Plusieurs partis d’opposition centrafricains, regroupés au sein du Bloc républicain pour la défense de la Constitution (BRDC), sont menacés de dissolution pour avoir boycotté les élections générales du 28 décembre 2025. Cette sanction, prévue par la loi organique sur les partis politiques, pourrait redéfinir durablement le paysage politique national.
La loi, adoptée dans les années 2000, stipule en effet qu’un parti politique non représenté à l’Assemblée nationale peut être dissous à l’issue d’une procédure juridique. Le BRDC, qui rassemble une dizaine de formations dont certaines ont déjà exercé le pouvoir, s’est volontairement exclu du scrutin législatif. Cette situation le place donc dans le viseur du pouvoir exécutif, qui pourrait engager des actions en justice pour appliquer le texte. Une source gouvernementale, sollicitée, a rappelé que “la loi doit s’appliquer à tous”.
Ce bras de fer juridico-politique s’inscrit dans une crise institutionnelle plus large. L’opposition boycotte les élections, présidentielle et législatives, en contestant la légalité de la candidature du président sortant, Faustin Archange Touadéra. Pour Martin Ziguélé, porte-parole du BRDC, le chef de l’État, élu en 2016 sur une constitution limitant les mandats à deux quinquennats, aurait achevé son cycle constitutionnel. Sa participation au scrutin de décembre 2025 serait donc “hors la loi”, justifiant, selon le bloc, une stratégie de boycott.

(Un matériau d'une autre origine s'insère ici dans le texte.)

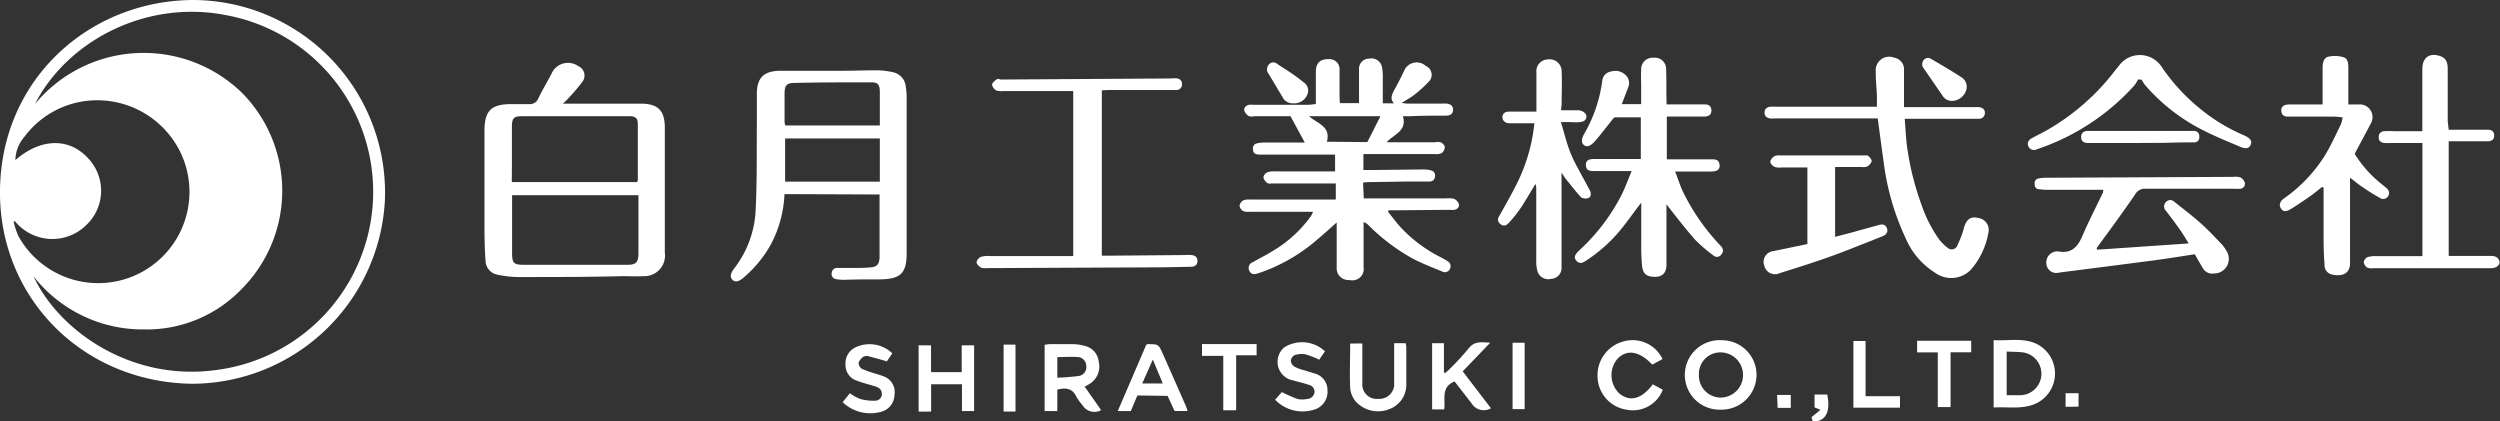 <svg xmlns="http://www.w3.org/2000/svg" viewBox="0 0 279.74 47.16"><rect x="0" y="0" width="279.74" height="47.16" fill="#333333" stroke="none"/><defs><style>.cls-1{fill:#fff;}</style></defs><g id="レイヤー_2" data-name="レイヤー 2"><g id="ヘッダー_フッター" data-name="ヘッダー・フッター"><path class="cls-1" d="M21.46,42.94C9.16,42.76-.18,33.22,0,21.2.19,8.69,10.13.09,21.54,0A21.55,21.55,0,0,1,43.07,22.38,21.65,21.65,0,0,1,21.46,42.94ZM3.91,11.64a15.79,15.79,0,0,1,23.16-1.26,15.58,15.58,0,0,1-.07,22,14.7,14.7,0,0,1-10.86,4.48A15.49,15.49,0,0,1,3.75,30.91C6.48,36.86,14.58,42.8,24.36,41.38A20.1,20.1,0,0,0,25.43,1.72C16.41-.11,7.56,4.54,3.91,11.64ZM1.67,24.75l-.15.06a9.51,9.51,0,0,0,.54,1.61,10.21,10.21,0,0,0,18.05-9.54A10.36,10.36,0,0,0,9.44,11.32a10.15,10.15,0,0,0-6.72,4,4.09,4.09,0,0,0-1,2.59c2.84-2.46,6-2.53,8.14-.2a5.27,5.27,0,0,1-.15,7.42A5.4,5.4,0,0,1,1.67,24.75Z"/><path class="cls-1" d="M147.24,11.64c0-1.27,0-2.44,0-3.61,0-1,.5-1.44,1.44-1.41a1.12,1.12,0,0,1,1.21,1.2c0,.9,0,1.81,0,2.72,0,.33,0,.65.05,1h2.13c0-.77,0-1.51,0-2.26,0-.53,0-1.06,0-1.59a1.12,1.12,0,0,1,1.15-1.13,1.2,1.2,0,0,1,1.43,1,5.81,5.81,0,0,1,.08,1.18c0,.93,0,1.85,0,2.82h1.25c-.46-.5-.24-.95,0-1.43.4-.71.77-1.44,1.12-2.17a1.52,1.52,0,0,1,2.43-.59A1.09,1.09,0,0,1,160,9a13.37,13.37,0,0,1-1.75,1.61c-.39.31-.85.55-1.4.9a4.44,4.44,0,0,0,.57.08l3.92,0a4.73,4.73,0,0,1,.53,0c.4.06.73.21.72.7s-.35.64-.76.65c-1.3,0-2.61,0-3.92.06h-.93c.48,1.68-1,2-1.82,2.92h5.4a1.53,1.53,0,0,1,.65,0c.21.11.46.35.46.54a.91.91,0,0,1-.35.67,1.49,1.49,0,0,1-.77.11l-6.91,0h-1.08v1.78h1.24l5.51-.06a3,3,0,0,1,.79.1.58.58,0,0,1,.47.69.59.59,0,0,1-.63.56c-.8,0-1.59,0-2.39,0l-4.52.07a3.83,3.83,0,0,0-.51.06l.08,1.76h.8l8.44,0a2.44,2.44,0,0,1,.86.05,1,1,0,0,1,.53.55c.1.34-.12.6-.48.68a3,3,0,0,1-.52,0l-6.12.05h-.7l-.1.17c.53.64,1,1.3,1.58,1.91a16,16,0,0,0,4.31,3.17c.26.14.51.27.75.43a.63.63,0,0,1,.3.85.61.61,0,0,1-.83.34c-1.14-.48-2.3-.91-3.39-1.49a22.22,22.22,0,0,1-4.91-3.72,1.35,1.35,0,0,0-.54-.34c0,.29,0,.58,0,.87,0,1.39,0,2.79,0,4.18A1.27,1.27,0,0,1,151,31.33a1.31,1.31,0,0,1-1.43-1.41c0-1.09,0-2.17,0-3.26V24.89c-1,.9-1.93,1.74-2.89,2.51A19.48,19.48,0,0,1,141,30.51l-.32.1c-.38.12-.71.08-.89-.32a.67.67,0,0,1,.37-.94c.77-.44,1.56-.83,2.31-1.3a14,14,0,0,0,4.11-3.72,2.66,2.66,0,0,0,.21-.33,1.87,1.87,0,0,0,.13-.3c-.25,0-.46,0-.67,0h-6.45a1.5,1.5,0,0,1-.71-.09.86.86,0,0,1-.39-.59.85.85,0,0,1,.4-.59,1.76,1.76,0,0,1,.77-.1h9.6v-1.8c-.23,0-.46,0-.7,0h-6.38c-.19,0-.45.05-.58-.05a1.08,1.08,0,0,1-.44-.63.79.79,0,0,1,.41-.56,2,2,0,0,1,.84-.11l6,0h.77V17.3h-8.31c-.68,0-.86-.15-.88-.63a.55.55,0,0,1,.46-.63,3.55,3.55,0,0,1,.72-.09l3.79,0H146L144.4,13h-4a1.38,1.38,0,0,1-.65,0,1.24,1.24,0,0,1-.51-.6c-.09-.34.17-.58.5-.67a3,3,0,0,1,.6,0l6.11,0ZM153,15.9,154.47,13h-8c.91.83,2.48,1.11,2,2.86Z"/><path class="cls-1" d="M63,11.6H66c2,0,3.94,0,5.9,0,1.77.06,2.46.82,2.49,2.59,0,2.17,0,4.34,0,6.51,0,2.52,0,5,0,7.56a2.31,2.31,0,0,1-2.41,2.64c-.75.05-1.5,0-2.25,0C65.87,31,61.93,31,58,31a11.7,11.7,0,0,1-2.36-.27,1.62,1.62,0,0,1-1.31-1.57c-.09-1.16-.11-2.34-.12-3.51,0-3.67,0-7.35,0-11,0-2.24.73-3,3-3,.67,0,1.33,0,2,0a1,1,0,0,0,1-.58c.47-1,1-1.86,1.5-2.81a2,2,0,0,1,3-.86,1.15,1.15,0,0,1,.46,1.75,22.81,22.81,0,0,1-1.63,1.91C63.41,11.21,63.24,11.34,63,11.6ZM57.3,21.84c0,2.23,0,4.35,0,6.47,0,1.13.18,1.32,1.32,1.32,3.85,0,7.71,0,11.56,0,1,0,1.25-.27,1.26-1.28,0-1.37,0-2.75,0-4.12V21.84Zm0-1.47h14a1,1,0,0,0,.07-.25c0-2.08,0-4.16,0-6.23,0-.65-.23-.87-.9-.89-1,0-2,0-3,0l-8.9,0c-1.13,0-1.29.17-1.29,1.32,0,1.35,0,2.7,0,4C57.28,19,57.27,19.69,57.27,20.37Z"/><path class="cls-1" d="M87.78,21.72a13.14,13.14,0,0,1-1.55,5.68,13.49,13.49,0,0,1-3,3.64c-.57.51-1,.56-1.28.26s-.24-.69.23-1.3a11.47,11.47,0,0,0,2.38-6.65c.16-3.22.1-6.45.13-9.68,0-1.06,0-2.12,0-3.18,0-1.78.78-2.54,2.57-2.57,2.33,0,4.65,0,7,0,1.35,0,2.7-.06,4-.05a8.89,8.89,0,0,1,1.7.22,1.8,1.8,0,0,1,1.39,1.6,7.44,7.44,0,0,1,.1,1.25q0,8.7,0,17.39c0,2.21-.65,2.88-2.88,2.93-1.37,0-2.75,0-4.12.05a4.7,4.7,0,0,1-.92-.08.56.56,0,0,1-.46-.7.59.59,0,0,1,.63-.55l2.06,0c.53,0,1.07,0,1.6-.06.76-.05,1-.31,1.06-1.07,0-1.64,0-3.27,0-4.91,0-.72,0-1.45,0-2.18Zm10.67-1.39V15.49H87.85v4.84Zm0-6.29V10.3c0-.84-.22-1.1-1-1.09-2.85,0-5.7,0-8.55.07-.85,0-1.09.25-1.11,1.12,0,1.08,0,2.16,0,3.25a2.08,2.08,0,0,0,.08.39Z"/><path class="cls-1" d="M181.47,11.65h2.17V9.28a14.18,14.18,0,0,1,0-1.46,1.29,1.29,0,0,1,1.4-1.36,1.26,1.26,0,0,1,1.39,1.35c.06,1.13,0,2.26.05,3.39,0,.13,0,.26,0,.48h1.33c1,0,1.95,0,2.92,0,.55,0,.77.25.77.71s-.34.64-.75.65h-4.24v4.79c.23,0,.46,0,.69,0h4.32c.39,0,.78,0,.88.53s-.18.82-.83.83c-1,0-2.09,0-3.13,0h-1c.31.8.54,1.52.85,2.21a24,24,0,0,0,4.09,5.94l.22.24a.65.65,0,0,1,0,.91.58.58,0,0,1-.88.09,16.69,16.69,0,0,1-2-1.71c-1.14-1.28-2.18-2.65-3.25-4v2.77c0,1.35,0,2.7,0,4,0,.91-.47,1.31-1.24,1.34-.93,0-1.38-.28-1.49-1.22a26.07,26.07,0,0,1-.09-2.65c0-1.24,0-2.48,0-3.72v-.71c-.79,1-1.47,2-2.22,2.92a17,17,0,0,1-3.87,3.51c-.36.23-.73.51-1.13.11s-.18-.78.29-1.21a22,22,0,0,0,4.75-6.25c.4-.8.7-1.65,1.11-2.62h-4.25c-.42,0-.82-.05-.87-.59s.23-.74.87-.76c1.39,0,2.79,0,4.19,0h1.08V13.13c-1,0-1.93,0-2.87,0-.13,0-.26.2-.37.33-.64.79-1.25,1.61-1.92,2.37-.52.58-.93.66-1.25.36s-.14-.87.1-1.25a16.05,16.05,0,0,0,2-5.92A1.16,1.16,0,0,1,180.28,8a1.64,1.64,0,0,1,1.7.48,1.2,1.2,0,0,1,.23,1.24Z"/><path class="cls-1" d="M210.11,13.25h-3.29l-8.18,0a2.92,2.92,0,0,1-.59,0c-.36-.07-.61-.25-.6-.67s.27-.58.63-.64a4.64,4.64,0,0,1,.53,0l10.69,0c.22,0,.44,0,.72,0,0-.33,0-.63,0-.92,0-1-.15-2-.13-3a1.51,1.51,0,0,1,2.05-1.57,1.32,1.32,0,0,1,1.11,1.43c0,1.13,0,2.26,0,3.39,0,.21,0,.43,0,.72h.77l7.11,0a3.23,3.23,0,0,1,.53,0c.4.06.67.27.64.7a.64.64,0,0,1-.68.6l-.73,0-6.77,0h-.79c.1,1.19.13,2.29.3,3.38A31.3,31.3,0,0,0,215,22.89a15.14,15.14,0,0,0,1.93,3.83,4.74,4.74,0,0,0,1,1,.67.67,0,0,0,1.1-.28,11.89,11.89,0,0,0,.61-1.53c.06-.17.09-.35.14-.51.32-.94.78-1.22,1.64-1a1.35,1.35,0,0,1,1.07,1.66,8.57,8.57,0,0,1-1.93,4.09,3.06,3.06,0,0,1-4,.39,8.49,8.49,0,0,1-3.32-3.87,28.48,28.48,0,0,1-2.47-8.57C210.54,16.52,210.34,14.92,210.11,13.25Z"/><path class="cls-1" d="M123.29,10.11v18.5l.77,0,8.5-.07a5.23,5.23,0,0,1,.79,0c.39.06.67.25.64.7s-.32.6-.72.61l-3,.06L110.41,30a1.38,1.38,0,0,1-.65-.06c-.21-.13-.48-.39-.49-.59a.85.85,0,0,1,.47-.6,2.64,2.64,0,0,1,1-.1l8.57,0h.78V10.19c-.24,0-.43,0-.61,0l-7.31,0a1.48,1.48,0,0,1-.71-.08.94.94,0,0,1-.45-.62c0-.21.28-.44.49-.59s.34,0,.52,0l19-.12a3.59,3.59,0,0,1,.73,0,.61.61,0,0,1,.51.67.6.6,0,0,1-.57.62c-.21,0-.44,0-.66,0l-7,0Z"/><path class="cls-1" d="M235.34,21.24H229a8.12,8.12,0,0,1-.85-.07c-.35,0-.48-.27-.48-.6a.53.53,0,0,1,.48-.61,3.45,3.45,0,0,1,.72-.07l21.06-.1a1.67,1.67,0,0,1,.78.07,1,1,0,0,1,.48.61.55.55,0,0,1-.52.65,4.86,4.86,0,0,1-.66,0c-3.3,0-6.6,0-9.9,0a1.23,1.23,0,0,0-1.18.61c-1.29,1.88-2.63,3.72-4,5.58-.11.15-.22.31-.32.47l.05.16,10.25-.7c-.37-.58-.65-1.09-1-1.56-.49-.7-1-1.38-1.54-2.08a.69.69,0,0,1,0-1,.64.64,0,0,1,.95,0c1,.79,2,1.55,2.93,2.38s1.58,1.55,2.35,2.35a3.8,3.8,0,0,1,.5.69,1.64,1.64,0,0,1-1.37,2.58,1.2,1.2,0,0,1-1.24-.59q-.45-.77-.9-1.56c-1.5.23-3,.47-4.46.67q-5.37.7-10.73,1.38a1.11,1.11,0,0,1-1.42-1,1.23,1.23,0,0,1,1.2-1.37h.13c1.44.28,2.16-.47,2.68-1.69.72-1.66,1.55-3.28,2.33-4.91A2.6,2.6,0,0,0,235.34,21.24Z"/><path class="cls-1" d="M174.67,12.34c.71,0,1.35,0,2,0a1.11,1.11,0,0,1,.75.4c.26.42,0,.86-.6.92s-.84,0-1.26,0h-.9c.39,1.27.66,2.46,1.12,3.57s1.19,2.32,1.79,3.47c.11.22.24.43.35.64s.15.67-.16.81a1,1,0,0,1-.83-.06c-.6-.64-1.13-1.35-1.67-2-.17-.21-.3-.43-.53-.77,0,1.53,0,2.91,0,4.29,0,2.12,0,4.24,0,6.36a1.21,1.21,0,0,1-1.16,1.23,1.26,1.26,0,0,1-1.55-.91,4.11,4.11,0,0,1-.12-1.11q0-4,0-8a1.27,1.27,0,0,0-.1-.59c-.51.85-1,1.7-1.53,2.52a15.06,15.06,0,0,1-1.3,1.68c-.27.31-.61.66-1.08.28s-.24-.73,0-1.12c.75-1.38,1.56-2.73,2.2-4.16a19.37,19.37,0,0,0,1.6-6h-1.93c-.31,0-.62,0-.92,0s-.7-.21-.72-.64.28-.64.67-.66c.64,0,1.28,0,1.93,0h1.2v-.92c0-1.15,0-2.31,0-3.46a1.31,1.31,0,0,1,1.29-1.46,1.34,1.34,0,0,1,1.53,1.38c.06,1.21,0,2.43,0,3.65Z"/><path class="cls-1" d="M259.85,20.91c-.52.4-1,.81-1.56,1.19s-1.28.88-1.94,1.28-.94.27-1.16-.12,0-.79.37-1.05a16.58,16.58,0,0,0,4.56-4.77c.69-1.12,1.23-2.34,1.82-3.53a4.31,4.31,0,0,0,.19-.77,8.69,8.69,0,0,0-.91-.09c-1.68,0-3.36,0-5.05,0-.39,0-.77,0-.88-.51s.16-.83.81-.85c.93,0,1.86,0,2.79,0h1c0-.28,0-.51,0-.75,0-1.1,0-2.21,0-3.32,0-.53.09-1.13.63-1.27a3.39,3.39,0,0,1,1.73.06c.44.13.52.67.52,1.13v4.15c.46,0,.81,0,1.15,0a1.42,1.42,0,0,1,1.38,2.1c-.58,1.11-1.18,2.22-1.82,3.42a13,13,0,0,0,2.87,3.27c.22.19.45.36.67.54s.45.55.2.93a.64.64,0,0,1-.94.18c-.69-.38-1.37-.81-2-1.25-.44-.29-.84-.64-1.32-1,0,.21,0,.35,0,.49,0,2.79,0,5.58,0,8.36,0,.18,0,.36,0,.54.07,1.28-.76,1.69-1.91,1.47a1.07,1.07,0,0,1-.94-1.18C260,28.36,260,27.19,260,26c0-1.68,0-3.36,0-5Z"/><path class="cls-1" d="M274,14.52h3.7c.24,0,.48,0,.73,0,.41,0,.67.23.66.66s-.28.62-.69.63l-2.66,0H274V28.64h4.63a1.48,1.48,0,0,1,.71.12.87.87,0,0,1,.36.61.72.72,0,0,1-.39.52,1.85,1.85,0,0,1-.78.12l-13,0a1.25,1.25,0,0,1-.65-.07.85.85,0,0,1-.38-.61.78.78,0,0,1,.41-.56,3.14,3.14,0,0,1,1-.11c1.48,0,3,0,4.45,0h.7V16h-3.49a7,7,0,0,1-.79,0c-.36-.06-.62-.22-.61-.65a.61.61,0,0,1,.59-.67,11.82,11.82,0,0,1,1.19,0h3.1c0-.3,0-.54,0-.78,0-2.06,0-4.12,0-6.17,0-1.3.81-1.86,2-1.45.56.18.83.58.84,1.36,0,2,0,3.94,0,5.91Z"/><path class="cls-1" d="M202.24,27.31V18.74c-1,0-1.93,0-2.88,0a1.83,1.83,0,0,1-.78-.06c-.22-.1-.49-.37-.49-.58s.24-.48.45-.62a1.31,1.31,0,0,1,.64-.09l9.3,0c.16,0,.36,0,.46,0s.48.39.49.6-.24.47-.45.62a1.32,1.32,0,0,1-.64.08h-3v7.81l1.77-.46,3.07-.85c.4-.12.77-.12.95.32s-.07.76-.49.93c-1.89.74-3.77,1.52-5.68,2.21s-3.86,1.3-5.8,1.91a1.23,1.23,0,0,1-1.74-.82,1.21,1.21,0,0,1,1-1.64C199.68,27.84,200.94,27.58,202.24,27.31Z"/><path class="cls-1" d="M239.24,8.89a4.39,4.39,0,0,1-.38.63,25.52,25.52,0,0,1-10.73,7.11l-.25.09a.68.68,0,0,1-.93-.39c-.15-.41.08-.68.41-.87.62-.34,1.26-.64,1.87-1a25.53,25.53,0,0,0,7.5-6.65c.15-.19.32-.37.46-.57a2.9,2.9,0,0,1,4.62.14,21.91,21.91,0,0,0,4.38,4.79A20,20,0,0,0,251,15.1l.18.08c.63.3.83.6.67,1s-.52.53-1.14.26c-1.55-.65-3.11-1.29-4.59-2.07A21.11,21.11,0,0,1,240,9.49a4.15,4.15,0,0,1-.35-.57Z"/><path class="cls-1" d="M192.62,38.07a3.88,3.88,0,0,1,3.93,3.9,3.92,3.92,0,0,1-4,3.87,3.89,3.89,0,1,1,.11-7.77Zm-.07,1.36a2.4,2.4,0,0,0-2.45,2.5,2.46,2.46,0,0,0,2.41,2.56,2.53,2.53,0,0,0,0-5.06Z"/><path class="cls-1" d="M223.08,45.6V38.06c1.56.1,3.12-.27,4.61.33a3.7,3.7,0,0,1-.28,6.92C226,45.78,224.57,45.51,223.08,45.6Zm1.46-6.26v4.88c.58,0,1.11,0,1.64,0a2.41,2.41,0,0,0,.24-4.78C225.82,39.36,225.2,39.37,224.54,39.34Z"/><path class="cls-1" d="M121.37,43.26l1.84,2.63a1.54,1.54,0,0,1-2.06-.52,6.57,6.57,0,0,1-.72-1c-.44-.94-1.18-1-2.12-.78V46h-1.42V38.57c.2,0,.39-.06.58-.06.88,0,1.77,0,2.65,0a5.17,5.17,0,0,1,1.24.19,2,2,0,0,1,1.58,1.76A2.28,2.28,0,0,1,121.85,43Zm-3.06-1a24,24,0,0,0,2.47-.2,1,1,0,0,0,.77-1.1,1,1,0,0,0-.87-1c-.78-.07-1.57,0-2.37,0Z"/><path class="cls-1" d="M102.79,46.06V38.64h1.39v3h3.43v-3H109V46h-1.36V43h-3.45v3.05Z"/><path class="cls-1" d="M162.76,42.68c-1.57.64-1,2-1.16,3.13h-1.35V38.4h1.32v3.27l.14.07c.15-.13.31-.26.45-.4A29.64,29.64,0,0,0,164.32,39c.66-.86,1.46-.71,2.43-.65-1.07,1.11-2.05,2.14-3.08,3.2l3.16,4.13a1.59,1.59,0,0,1-2.16-.54Z"/><path class="cls-1" d="M184.94,43l1.12.61A3.58,3.58,0,0,1,182,45.84a3.81,3.81,0,0,1-3.24-3.66,3.91,3.91,0,0,1,3-4,3.7,3.7,0,0,1,4.27,2l-1.15.62c-1.43-1.53-2.85-1.75-3.9-.64a2.83,2.83,0,0,0,.23,3.88C182.39,45,183.71,44.66,184.94,43Z"/><path class="cls-1" d="M127.27,44.25,126.53,46h-1.46l3.19-7.42a.74.74,0,0,1,.18-.07c1.17,0,1.18,0,1.64,1,.89,2,1.77,4,2.65,6a4.68,4.68,0,0,1,.15.48h-1.45l-.78-1.69Zm.54-1.34h2.3L129,40.23Z"/><path class="cls-1" d="M142.68,44.73l.75-.86a18.25,18.25,0,0,0,1.74.77,2.59,2.59,0,0,0,1.11,0,.86.86,0,0,0,.81-.76.79.79,0,0,0-.65-.82c-.56-.2-1.15-.32-1.72-.49a2.11,2.11,0,0,1-1-3.71,3.74,3.74,0,0,1,4.54.45l-.65.94a9.76,9.76,0,0,0-1.52-.6,2.49,2.49,0,0,0-1.21.08.83.83,0,0,0-.45.64.93.93,0,0,0,.42.66,4.84,4.84,0,0,0,1.12.41c.36.12.72.21,1.07.34a1.9,1.9,0,0,1,1.5,1.88A2.08,2.08,0,0,1,147,45.85,4.27,4.27,0,0,1,142.68,44.73Z"/><path class="cls-1" d="M94.29,45l.81-1a5.5,5.5,0,0,0,1.17.65,5.87,5.87,0,0,0,1.67.19.76.76,0,0,0,.74-.73c0-.45-.24-.69-.62-.83s-.8-.24-1.2-.36-.68-.2-1-.33a1.82,1.82,0,0,1-1.25-1.71,2,2,0,0,1,1.09-2,3.68,3.68,0,0,1,4.15.66l-.61.89c-.78-.22-1.44-.41-2.11-.58a.71.71,0,0,0-.52.07,1.46,1.46,0,0,0-.54.66.85.85,0,0,0,.37.69,13.06,13.06,0,0,0,1.56.55c.27.09.55.16.81.27a1.87,1.87,0,0,1,1.28,2.09,2,2,0,0,1-1.63,1.93A4.44,4.44,0,0,1,94.29,45Z"/><path class="cls-1" d="M152.44,38.43v3c0,.49,0,1,0,1.46a1.62,1.62,0,0,0,1.81,1.74A1.66,1.66,0,0,0,156,42.78c0-1.33,0-2.65,0-4,0-.11,0-.22,0-.38h1.28a1.66,1.66,0,0,1,.08.41c0,1.39,0,2.79,0,4.18a2.89,2.89,0,0,1-1.88,2.78,3.38,3.38,0,0,1-3.82-.89,2.79,2.79,0,0,1-.58-1.44c-.07-1.65,0-3.31,0-5Z"/><path class="cls-1" d="M239.5,16H234c-.13,0-.27,0-.4,0-.42,0-.74-.21-.73-.68s.31-.66.74-.67l4.52,0,6.7,0c.22,0,.45,0,.67,0a.58.58,0,0,1,.59.65.55.55,0,0,1-.61.63q-1.75,0-3.51.06H239.5Z"/><path class="cls-1" d="M220.57,38.13v1.29h-2.31v6.13h-1.43V39.43h-2.31v-1.3Z"/><path class="cls-1" d="M134.5,39.82V38.5h6.11v1.25h-2.29v6.16h-1.44V39.82Z"/><path class="cls-1" d="M208.75,44.33h3.85v1.29h-5.21V38.16h1.36Z"/><path class="cls-1" d="M218.41,11.29a1.19,1.19,0,0,1-1.06-.61c-.7-1-1.38-2-2.07-3a.74.74,0,0,1-.06-.92.62.62,0,0,1,.89-.15c1.14.66,2.28,1.33,3.39,2.05a1.26,1.26,0,0,1,.45,1.59A1.7,1.7,0,0,1,218.41,11.29Z"/><path class="cls-1" d="M144.67,11.56a1.25,1.25,0,0,1-1.19-.75c-.52-.84-1-1.7-1.53-2.55a.78.78,0,0,1,0-1,.65.65,0,0,1,1-.08c1,.64,2,1.27,2.88,2a1.12,1.12,0,0,1,.46,1.4A1.59,1.59,0,0,1,144.67,11.56Z"/><path class="cls-1" d="M169.25,38.35h1.35v7.43h-1.35Z"/><path class="cls-1" d="M113.63,46.05H112.3V38.56h1.33Z"/><path class="cls-1" d="M202.83,47.15l-.13-.47,1-.82-.66-.28V44.15h1.42C204.87,46.13,204.23,47.22,202.83,47.15Z"/><path class="cls-1" d="M200.38,44.19v1.45h-1.47l-.06-1.45Z"/><path class="cls-1" d="M231.13,45.52V44h1.45v1.5Z"/></g></g></svg>

Les perspectives sont polarisées. D’un côté, l’application stricte de la loi pourrait mener à la dissolution de partis historiques, accentuant la concentration du pouvoir et réduisant l’espace politique pluraliste. De l’autre, un recul de l’exécutif face à cette menace serait perçu comme un affaiblissement. Le président Touadéra, réélu le 19 janvier, a appelé au dialogue et à l’unité nationale. La société civile prône également cette voie comme seule option pour apaiser les tensions, soulignant que la survie des institutions démocratiques passe par la réintégration de toutes les forces politiques.
La position du BRDC repose sur une interprétation rigide de la constitution de 2016. Ses membres estiment que le président, en prêtant serment sur ce texte, s’est engagé à ne faire que deux mandats, lesquels sont selon eux accomplis. Ils annoncent continuer à se battre “sur le chemin du droit” face à ce qu’ils qualifient d’”actes illégaux” de l’exécututif. Cette posture les place dans une logique de confrontation totale, où le risque de dissolution est assumé comme une conséquence de leur combat.
Au delà du duel verbal, l’enjeu est fondamental pour la jeune démocratie centrafricaine. La dissolution d’une partie significative de l’opposition structurée pourrait vider de sa substance le débat parlementaire et accentuer la fracture entre le pouvoir et une frange de la population. Cela risquerait aussi de radicaliser les positions, poussant certains acteurs vers des formes d’expression politiques extra institutionnelles. L’arbitrage qui sera rendu, qu’il soit politique ou judiciaire, définira le degré d’inclusivité du système pour les années à venir.